[Dataset records]
···
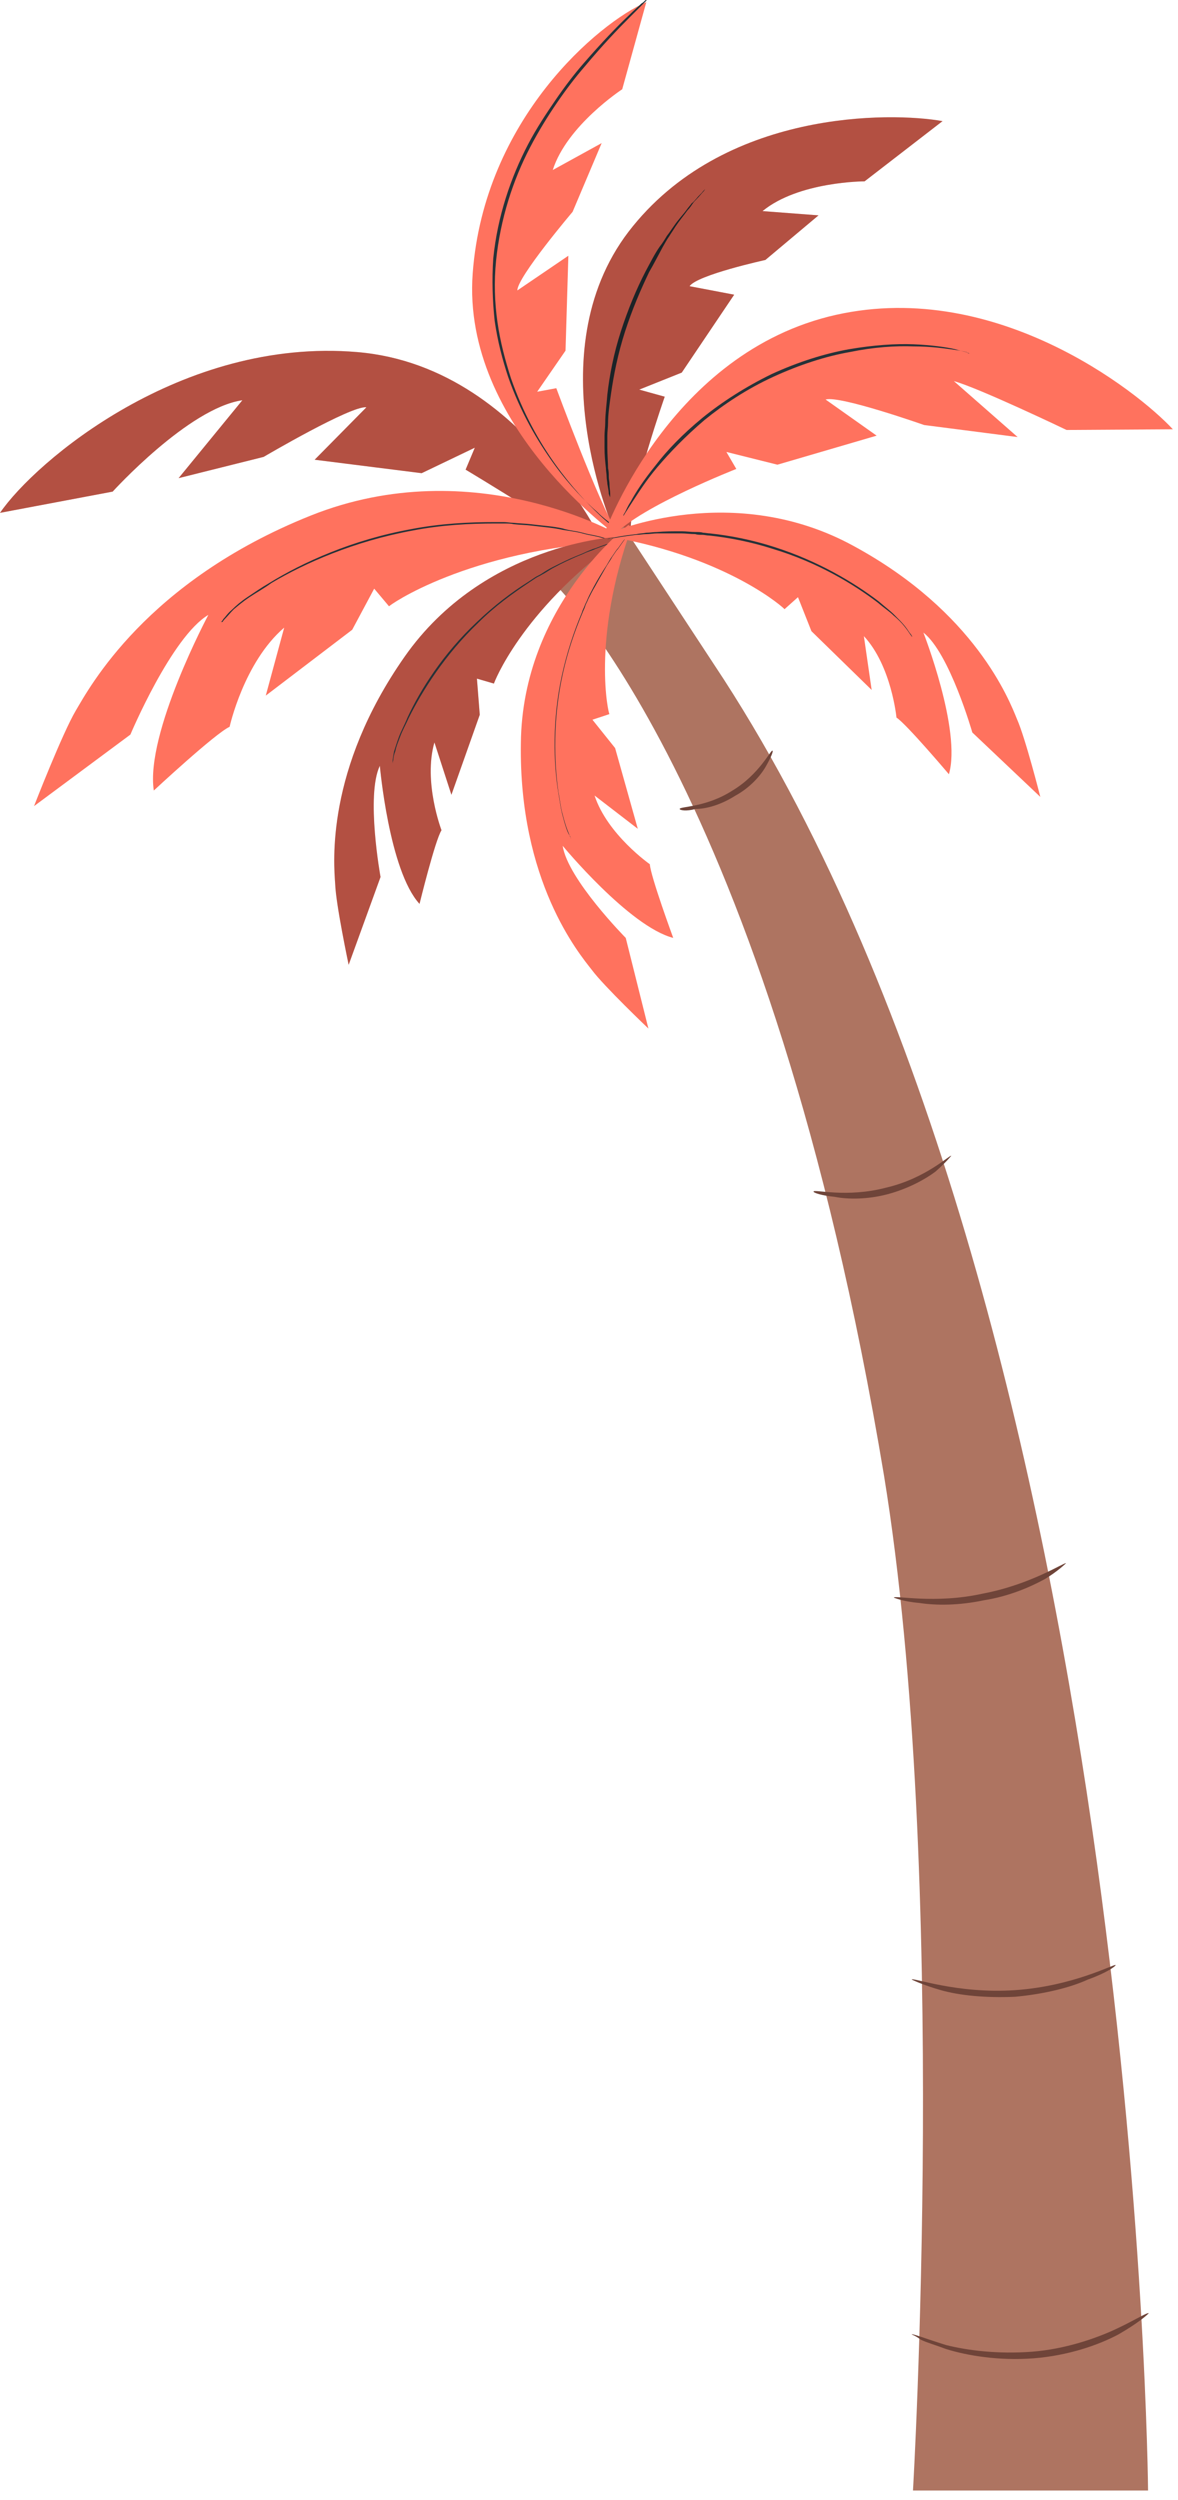 <svg width="132" height="280" viewBox="0 0 132 280" fill="none" xmlns="http://www.w3.org/2000/svg">
<path d="M69.167 64.026C69.008 63.867 68.928 63.708 68.69 63.55C65.196 60.376 52.173 52.601 52.173 52.601L53.205 50.142L47.249 52.998L35.258 51.49L41.055 45.619C39.388 45.381 29.541 51.173 29.541 51.173L20.012 53.553L27.158 44.826C21.123 45.699 12.626 55.06 12.626 55.06L0 57.441C3.971 51.649 20.329 37.765 40.023 39.431C59.876 41.097 69.167 64.026 69.167 64.026Z" fill="#FF725E"/>
<g opacity="0.3">
<path d="M69.167 64.026C69.008 63.867 68.928 63.708 68.69 63.55C65.196 60.376 52.173 52.601 52.173 52.601L53.205 50.142L47.249 52.998L35.258 51.49L41.055 45.619C39.388 45.381 29.541 51.173 29.541 51.173L20.012 53.553L27.158 44.826C21.123 45.699 12.626 55.06 12.626 55.06L0 57.441C3.971 51.649 20.329 37.765 40.023 39.431C59.876 41.097 69.167 64.026 69.167 64.026Z" fill="black"/>
</g>
<path d="M70.676 59.028C70.835 54.823 74.487 44.43 74.487 44.43L71.629 43.636L76.393 41.732L82.27 33.005L77.267 32.053C78.14 30.784 85.764 29.117 85.764 29.117L91.72 24.119L85.446 23.643C89.496 20.311 96.881 20.311 96.881 20.311L105.616 13.567C99.899 12.536 80.999 12.218 70.438 25.944C59.955 39.669 68.849 59.504 68.849 59.504" fill="#FF725E"/>
<path d="M68.374 55.696C68.374 55.696 68.374 55.537 68.374 55.299C68.374 54.982 68.294 54.665 68.294 54.189C68.294 53.95 68.215 53.712 68.215 53.395C68.215 53.078 68.215 52.761 68.135 52.443C68.135 51.808 68.056 51.015 68.056 50.142C68.056 49.746 68.056 49.27 68.056 48.794C68.056 48.318 68.135 47.842 68.135 47.365C68.135 46.413 68.294 45.303 68.453 44.192C68.771 41.97 69.247 39.59 70.041 37.131C70.835 34.671 71.788 32.45 72.741 30.466C73.297 29.514 73.773 28.562 74.25 27.689C74.488 27.293 74.726 26.817 74.965 26.499C75.203 26.103 75.441 25.785 75.679 25.389C76.156 24.674 76.632 24.119 77.029 23.564C77.268 23.326 77.426 23.088 77.585 22.85C77.744 22.612 77.903 22.453 78.062 22.294C78.379 21.977 78.618 21.66 78.776 21.501C78.935 21.342 79.015 21.184 79.015 21.184C79.015 21.184 78.935 21.263 78.776 21.422C78.618 21.66 78.3 21.898 78.062 22.215C77.903 22.374 77.744 22.612 77.506 22.77C77.347 23.008 77.109 23.246 76.95 23.484C76.553 24.04 75.997 24.595 75.52 25.309C75.282 25.627 75.044 26.023 74.726 26.42C74.488 26.817 74.25 27.213 73.932 27.61C73.376 28.403 72.9 29.355 72.344 30.387C71.312 32.37 70.359 34.671 69.565 37.131C68.771 39.59 68.294 42.05 68.056 44.192C67.977 45.303 67.818 46.334 67.818 47.365C67.818 47.842 67.738 48.318 67.738 48.794C67.738 49.27 67.738 49.666 67.738 50.142C67.738 51.015 67.818 51.729 67.897 52.443C67.897 52.761 67.977 53.078 67.977 53.395C67.977 53.712 68.056 53.95 68.056 54.189C68.135 54.665 68.215 54.982 68.215 55.299C68.294 55.537 68.374 55.696 68.374 55.696Z" fill="#263238"/>
<g opacity="0.3">
<path d="M70.676 59.028C70.835 54.823 74.487 44.43 74.487 44.43L71.629 43.636L76.393 41.732L82.27 33.005L77.267 32.053C78.14 30.784 85.764 29.117 85.764 29.117L91.72 24.119L85.446 23.643C89.496 20.311 96.881 20.311 96.881 20.311L105.616 13.567C99.899 12.536 80.999 12.218 70.438 25.944C59.955 39.669 68.849 59.504 68.849 59.504" fill="black"/>
</g>
<path d="M128.647 279.072C128.647 279.072 127.702 148.145 81.093 76.068L69.745 58.791L61.639 64.865C61.639 64.865 86.091 87.271 99.061 165.287C106.356 209.964 102.303 278.937 102.303 278.937H128.647V279.072Z" fill="#AE7461"/>
<path d="M69.564 60.298C69.484 60.139 69.326 59.98 69.246 59.822C67.023 56.172 62.337 43.478 62.337 43.478L60.193 43.875L63.37 39.273L63.688 28.642L57.97 32.529C57.97 31.022 64.164 23.723 64.164 23.723L67.42 16.027L61.94 19.042C63.529 14.043 69.723 9.997 69.723 9.997L72.423 0.238C67.102 2.539 54.238 13.329 52.967 30.625C51.697 47.842 69.564 60.298 69.564 60.298Z" fill="#FF725E"/>
<path d="M69.167 59.425C69.167 59.425 69.167 59.346 69.008 59.266C68.929 59.187 68.77 59.028 68.611 58.949C68.293 58.631 67.738 58.235 67.102 57.6C65.832 56.41 64.085 54.585 62.258 52.046C60.432 49.507 58.605 46.255 57.255 42.367C56.62 40.383 56.064 38.321 55.747 36.099C55.429 33.878 55.349 31.577 55.588 29.197C56.064 24.516 57.494 20.152 59.4 16.503C60.352 14.678 61.385 13.012 62.417 11.504C63.449 9.997 64.482 8.648 65.514 7.458C67.499 5.078 69.246 3.253 70.517 1.983C71.152 1.349 71.629 0.873 71.946 0.555C72.105 0.397 72.185 0.317 72.343 0.159C72.423 0.079 72.502 0 72.423 0C72.423 0 72.343 -1.2118e-06 72.264 0.079C72.185 0.159 72.026 0.317 71.867 0.397C71.549 0.714 70.993 1.19 70.438 1.745C69.167 2.936 67.42 4.76 65.355 7.141C64.323 8.331 63.291 9.679 62.258 11.187C61.226 12.694 60.114 14.36 59.161 16.185C57.255 19.835 55.747 24.198 55.27 28.959C55.111 31.339 55.191 33.719 55.429 35.941C55.747 38.162 56.303 40.304 56.938 42.208C58.288 46.096 60.194 49.349 62.02 51.888C63.846 54.426 65.673 56.251 66.944 57.362C67.579 57.997 68.135 58.393 68.452 58.631C68.611 58.79 68.77 58.869 68.849 58.949C69.088 59.425 69.167 59.425 69.167 59.425Z" fill="#263238"/>
<path d="M69.485 60.614L69.644 60.059C69.644 60.059 53.206 50.379 34.783 57.758C16.359 65.136 10.007 77.037 8.498 79.576C6.989 82.115 3.812 90.287 3.812 90.287L14.612 82.273C14.612 82.273 19.218 71.325 23.348 68.865C23.348 68.865 16.28 82.115 17.233 88.541C17.233 88.541 24.142 82.115 25.73 81.401C25.73 81.401 27.318 74.181 31.845 70.293L29.78 77.91L39.468 70.531L41.93 65.93L43.597 67.913C43.438 67.913 52.253 61.566 69.485 60.614Z" fill="#FF725E"/>
<path d="M67.578 60.139C67.657 59.98 68.69 60.059 68.849 59.901C71.946 56.648 82.507 52.522 82.507 52.522L81.396 50.618L87.113 52.046L98.231 48.793L92.513 44.747C94.101 44.271 103.551 47.603 103.551 47.603L114.033 48.952L106.886 42.684C109.745 43.477 119.513 48.158 119.513 48.158L131.424 48.079C127.454 43.795 111.095 30.863 92.831 35.464C74.487 40.145 67.578 60.139 67.578 60.139Z" fill="#FF725E"/>
<path d="M24.936 69.659C24.936 69.659 25.016 69.501 25.254 69.263C25.492 69.025 25.81 68.628 26.207 68.231C26.683 67.835 27.239 67.359 27.954 66.883C28.669 66.406 29.542 65.93 30.416 65.296C34.148 63.074 39.706 60.615 46.218 59.425C49.474 58.79 52.651 58.631 55.509 58.631C55.906 58.631 56.224 58.631 56.542 58.631C56.859 58.631 57.256 58.631 57.574 58.711C58.289 58.79 58.924 58.79 59.559 58.869C60.83 59.028 62.021 59.107 63.053 59.345C63.609 59.425 64.086 59.504 64.562 59.583C65.038 59.663 65.515 59.821 65.912 59.901C66.786 60.059 67.5 60.218 68.056 60.456C68.612 60.615 69.088 60.773 69.406 60.853C69.724 60.932 69.883 61.011 69.883 60.932C69.883 60.932 69.724 60.853 69.406 60.773C69.088 60.694 68.612 60.535 68.056 60.377C67.5 60.139 66.786 59.98 65.912 59.821C65.515 59.742 65.038 59.583 64.562 59.504C64.086 59.425 63.53 59.345 63.053 59.187C62.021 58.949 60.75 58.869 59.48 58.711C58.844 58.631 58.209 58.631 57.495 58.552C57.177 58.552 56.78 58.473 56.462 58.473C56.145 58.473 55.748 58.473 55.43 58.473C52.571 58.473 49.315 58.631 46.059 59.266C39.468 60.456 33.91 62.995 30.177 65.296C29.224 65.851 28.43 66.406 27.715 66.883C27.001 67.359 26.445 67.835 25.968 68.311C25.492 68.707 25.254 69.104 25.016 69.342C24.936 69.501 24.857 69.58 24.777 69.659C24.936 69.659 24.936 69.659 24.936 69.659Z" fill="#263238"/>
<path d="M69.165 60.615L69.086 60.139C69.086 60.139 54.236 60.853 45.342 73.547C36.448 86.241 37.401 96.714 37.56 99.015C37.639 101.316 39.069 108.059 39.069 108.059L42.642 98.221C42.642 98.221 40.975 89.097 42.563 85.765C42.563 85.765 43.595 97.507 47.01 101.236C47.01 101.236 48.757 94.096 49.472 92.985C49.472 92.985 47.407 87.59 48.678 83.147L50.583 89.018L53.76 80.053L53.442 76.006L55.348 76.562C55.348 76.483 58.366 68.549 69.165 60.615Z" fill="#FF725E"/>
<g opacity="0.3">
<path d="M69.165 60.615L69.086 60.139C69.086 60.139 54.236 60.853 45.342 73.547C36.448 86.241 37.401 96.714 37.56 99.015C37.639 101.316 39.069 108.059 39.069 108.059L42.642 98.221C42.642 98.221 40.975 89.097 42.563 85.765C42.563 85.765 43.595 97.507 47.01 101.236C47.01 101.236 48.757 94.096 49.472 92.985C49.472 92.985 47.407 87.59 48.678 83.147L50.583 89.018L53.76 80.053L53.442 76.006L55.348 76.562C55.348 76.483 58.366 68.549 69.165 60.615Z" fill="black"/>
</g>
<path d="M43.992 85.528C43.992 85.528 43.992 85.369 44.072 85.131C44.072 84.893 44.151 84.497 44.31 84.1C44.389 83.624 44.627 83.069 44.866 82.434C45.104 81.799 45.501 81.085 45.819 80.371C47.327 77.356 49.869 73.31 53.601 69.74C55.427 67.915 57.413 66.487 59.318 65.217C59.557 65.059 59.795 64.9 60.033 64.741C60.271 64.583 60.51 64.503 60.748 64.345C61.224 64.107 61.621 63.789 62.098 63.551C62.971 63.075 63.845 62.678 64.559 62.361C64.957 62.203 65.354 62.044 65.671 61.885C66.068 61.726 66.386 61.647 66.704 61.488C67.339 61.25 67.895 61.012 68.371 60.933C68.848 60.774 69.165 60.695 69.404 60.616C69.642 60.536 69.801 60.457 69.801 60.457C69.801 60.457 69.642 60.457 69.404 60.536C69.165 60.616 68.768 60.695 68.371 60.854C67.895 60.933 67.339 61.171 66.704 61.409C66.386 61.488 66.068 61.647 65.671 61.806C65.354 61.965 64.957 62.123 64.559 62.282C63.765 62.599 62.971 62.996 62.018 63.472C61.542 63.71 61.145 63.948 60.668 64.265C60.43 64.424 60.192 64.503 59.954 64.662C59.715 64.821 59.477 64.979 59.239 65.138C57.333 66.328 55.348 67.835 53.442 69.66C49.63 73.231 47.089 77.277 45.66 80.371C45.342 81.165 44.945 81.879 44.707 82.513C44.469 83.148 44.31 83.703 44.151 84.179C44.072 84.655 43.992 85.052 43.992 85.29C43.992 85.449 43.992 85.528 43.992 85.607C43.992 85.528 43.992 85.528 43.992 85.528Z" fill="#263238"/>
<path d="M70.754 59.108L70.436 58.791C70.436 58.791 58.524 67.756 58.365 83.227C58.127 98.698 64.877 106.791 66.307 108.616C67.657 110.441 72.659 115.201 72.659 115.201L70.118 105.046C70.118 105.046 63.607 98.46 63.051 94.731C63.051 94.731 70.515 103.776 75.439 105.046C75.439 105.046 72.898 98.143 72.818 96.794C72.818 96.794 68.054 93.462 66.624 89.099L71.468 92.827L68.927 83.783L66.386 80.609L68.292 79.975C68.212 80.054 66.227 71.803 70.754 59.108Z" fill="#FF725E"/>
<path d="M64.004 93.937C64.004 93.937 63.925 93.858 63.845 93.62C63.766 93.382 63.607 93.064 63.448 92.588C63.289 92.112 63.13 91.557 62.972 90.922C62.813 90.287 62.733 89.494 62.575 88.701C62.098 85.368 61.939 80.608 63.051 75.53C63.607 72.992 64.401 70.691 65.275 68.628C65.354 68.39 65.513 68.152 65.592 67.834C65.672 67.596 65.83 67.358 65.91 67.12C66.148 66.644 66.386 66.168 66.624 65.772C67.101 64.899 67.578 64.106 67.975 63.392C68.213 62.995 68.451 62.677 68.61 62.36C68.848 62.043 69.007 61.725 69.245 61.487C69.642 60.932 69.96 60.456 70.277 60.059C70.595 59.663 70.754 59.425 70.992 59.187C71.151 59.028 71.23 58.869 71.23 58.869C71.23 58.869 71.151 58.949 70.992 59.187C70.833 59.425 70.595 59.663 70.277 60.059C69.96 60.377 69.642 60.853 69.245 61.408C69.007 61.646 68.848 61.963 68.61 62.281C68.372 62.598 68.213 62.915 67.975 63.312C67.498 64.026 67.022 64.82 66.545 65.692C66.307 66.168 66.069 66.565 65.83 67.12C65.751 67.358 65.592 67.596 65.513 67.834C65.433 68.072 65.275 68.311 65.195 68.628C64.322 70.691 63.528 73.071 62.972 75.61C61.86 80.687 62.019 85.527 62.575 88.859C62.733 89.732 62.813 90.446 62.972 91.081C63.13 91.715 63.289 92.271 63.448 92.747C63.607 93.223 63.766 93.54 63.925 93.699C63.845 93.699 63.925 93.778 64.004 93.937Z" fill="#263238"/>
<path d="M68.531 60.139L68.451 59.663C68.451 59.663 82.11 53.712 95.689 61.17C109.268 68.549 113.08 78.387 113.953 80.529C114.906 82.671 116.574 89.256 116.574 89.256L108.951 82.036C108.951 82.036 106.409 73.15 103.471 70.85C103.471 70.85 107.759 81.798 106.33 86.717C106.33 86.717 101.565 81.084 100.454 80.37C100.454 80.37 99.898 74.579 96.801 71.246L97.674 77.276L90.924 70.691L89.416 66.883L87.907 68.231C87.986 68.231 81.792 62.519 68.531 60.139Z" fill="#FF725E"/>
<path d="M102.201 71.326C102.201 71.326 102.122 71.246 101.963 71.008C101.804 70.77 101.645 70.532 101.328 70.135C101.01 69.739 100.613 69.342 100.137 68.945C99.66 68.469 99.025 68.073 98.389 67.517C95.69 65.454 91.64 62.995 86.637 61.488C84.175 60.694 81.713 60.218 79.49 59.98C79.172 59.98 78.934 59.901 78.696 59.901C78.457 59.901 78.14 59.901 77.902 59.822C77.346 59.822 76.869 59.742 76.393 59.742C75.361 59.742 74.487 59.742 73.613 59.742C73.216 59.742 72.819 59.822 72.422 59.822C72.025 59.822 71.708 59.901 71.311 59.901C70.675 59.98 70.04 60.059 69.564 60.139C69.087 60.218 68.769 60.297 68.452 60.297C68.213 60.297 68.055 60.377 68.055 60.377C68.055 60.377 68.213 60.377 68.452 60.297C68.69 60.218 69.087 60.139 69.564 60.059C70.04 59.98 70.596 59.901 71.311 59.822C71.628 59.742 72.025 59.742 72.422 59.663C72.819 59.663 73.216 59.584 73.613 59.584C74.487 59.504 75.361 59.504 76.393 59.504C76.869 59.504 77.425 59.584 77.981 59.584C78.219 59.584 78.537 59.584 78.775 59.663C79.013 59.663 79.331 59.742 79.569 59.742C81.793 59.98 84.254 60.456 86.716 61.25C91.719 62.836 95.769 65.296 98.469 67.359C99.104 67.914 99.74 68.39 100.216 68.866C100.692 69.342 101.09 69.739 101.407 70.135C101.725 70.532 101.884 70.85 102.042 71.008C102.122 71.088 102.122 71.167 102.201 71.246C102.201 71.326 102.201 71.326 102.201 71.326Z" fill="#263238"/>
<path d="M108.635 39.59C108.635 39.59 108.476 39.511 108.238 39.431C107.92 39.352 107.523 39.273 107.047 39.114C106.015 38.876 104.347 38.638 102.362 38.559C100.376 38.479 97.915 38.638 95.135 39.114C92.435 39.59 89.418 40.542 86.48 41.891C83.541 43.319 80.841 45.064 78.697 46.81C76.474 48.635 74.727 50.459 73.456 52.126C72.106 53.792 71.233 55.14 70.677 56.172C70.359 56.648 70.2 57.044 70.041 57.362C69.883 57.6 69.803 57.758 69.883 57.758C69.883 57.758 69.962 57.6 70.121 57.362C70.28 57.124 70.518 56.727 70.836 56.251C71.471 55.299 72.344 53.871 73.694 52.284C75.044 50.697 76.791 48.873 78.936 47.048C81.08 45.302 83.7 43.557 86.638 42.208C89.577 40.859 92.515 39.907 95.215 39.431C97.915 38.876 100.376 38.717 102.362 38.797C104.347 38.797 105.935 39.035 107.047 39.193C107.603 39.273 108 39.352 108.317 39.431C108.476 39.59 108.556 39.59 108.635 39.59Z" fill="#263238"/>
<path d="M102.16 261.461C102.16 261.313 103.644 261.906 106.019 262.647C108.393 263.24 111.806 263.685 115.665 263.388C119.375 263.092 122.788 261.906 125.014 260.868C127.24 259.83 128.576 258.94 128.724 259.088C128.724 259.088 128.427 259.385 127.834 259.83C127.24 260.275 126.35 260.868 125.311 261.461C123.085 262.647 119.672 263.833 115.813 264.13C111.955 264.426 108.393 263.833 106.019 263.092C104.831 262.647 103.793 262.35 103.199 262.054C102.605 261.609 102.16 261.461 102.16 261.461Z" fill="#6F4439"/>
<path d="M102.16 221.71C102.16 221.413 107.206 223.34 113.736 222.896C120.265 222.451 124.866 219.93 125.014 220.079C125.014 220.227 123.975 220.968 121.898 221.71C119.969 222.599 117 223.34 113.736 223.637C110.471 223.785 107.503 223.489 105.425 222.896C103.347 222.303 102.16 221.71 102.16 221.71Z" fill="#6F4439"/>
<path d="M100.16 178.934C100.16 178.637 104.761 179.675 110.103 178.489C115.594 177.451 119.304 174.93 119.453 175.079C119.453 175.079 118.562 175.968 117.078 176.858C115.446 177.747 113.071 178.785 110.252 179.23C107.432 179.823 104.909 179.823 102.98 179.527C101.199 179.378 100.16 178.934 100.16 178.934Z" fill="#6F4439"/>
<path d="M91.16 133.453C91.16 133.156 94.87 134.194 99.322 133.008C103.774 131.97 106.446 129.301 106.594 129.449C106.594 129.449 106 130.191 104.813 131.229C103.626 132.118 101.697 133.156 99.471 133.749C97.245 134.342 95.019 134.342 93.535 134.046C92.051 133.897 91.16 133.601 91.16 133.453Z" fill="#6F4439"/>
<path d="M76.16 90.602C76.16 90.305 79.128 90.454 82.096 88.526C85.064 86.747 86.4 83.93 86.548 84.078C86.697 84.078 86.4 84.819 85.806 85.857C85.213 86.895 84.025 88.229 82.393 89.119C80.761 90.157 79.128 90.602 77.941 90.602C76.902 90.898 76.16 90.75 76.16 90.602Z" fill="#6F4439"/>
</svg>
···
### Required action:
Find every line above that contains the word "black", and return each one.

### Answer space:
<path d="M69.167 64.026C69.008 63.867 68.928 63.708 68.69 63.55C65.196 60.376 52.173 52.601 52.173 52.601L53.205 50.142L47.249 52.998L35.258 51.49L41.055 45.619C39.388 45.381 29.541 51.173 29.541 51.173L20.012 53.553L27.158 44.826C21.123 45.699 12.626 55.06 12.626 55.06L0 57.441C3.971 51.649 20.329 37.765 40.023 39.431C59.876 41.097 69.167 64.026 69.167 64.026Z" fill="black"/>
<path d="M70.676 59.028C70.835 54.823 74.487 44.43 74.487 44.43L71.629 43.636L76.393 41.732L82.27 33.005L77.267 32.053C78.14 30.784 85.764 29.117 85.764 29.117L91.72 24.119L85.446 23.643C89.496 20.311 96.881 20.311 96.881 20.311L105.616 13.567C99.899 12.536 80.999 12.218 70.438 25.944C59.955 39.669 68.849 59.504 68.849 59.504" fill="black"/>
<path d="M69.165 60.615L69.086 60.139C69.086 60.139 54.236 60.853 45.342 73.547C36.448 86.241 37.401 96.714 37.56 99.015C37.639 101.316 39.069 108.059 39.069 108.059L42.642 98.221C42.642 98.221 40.975 89.097 42.563 85.765C42.563 85.765 43.595 97.507 47.01 101.236C47.01 101.236 48.757 94.096 49.472 92.985C49.472 92.985 47.407 87.59 48.678 83.147L50.583 89.018L53.76 80.053L53.442 76.006L55.348 76.562C55.348 76.483 58.366 68.549 69.165 60.615Z" fill="black"/>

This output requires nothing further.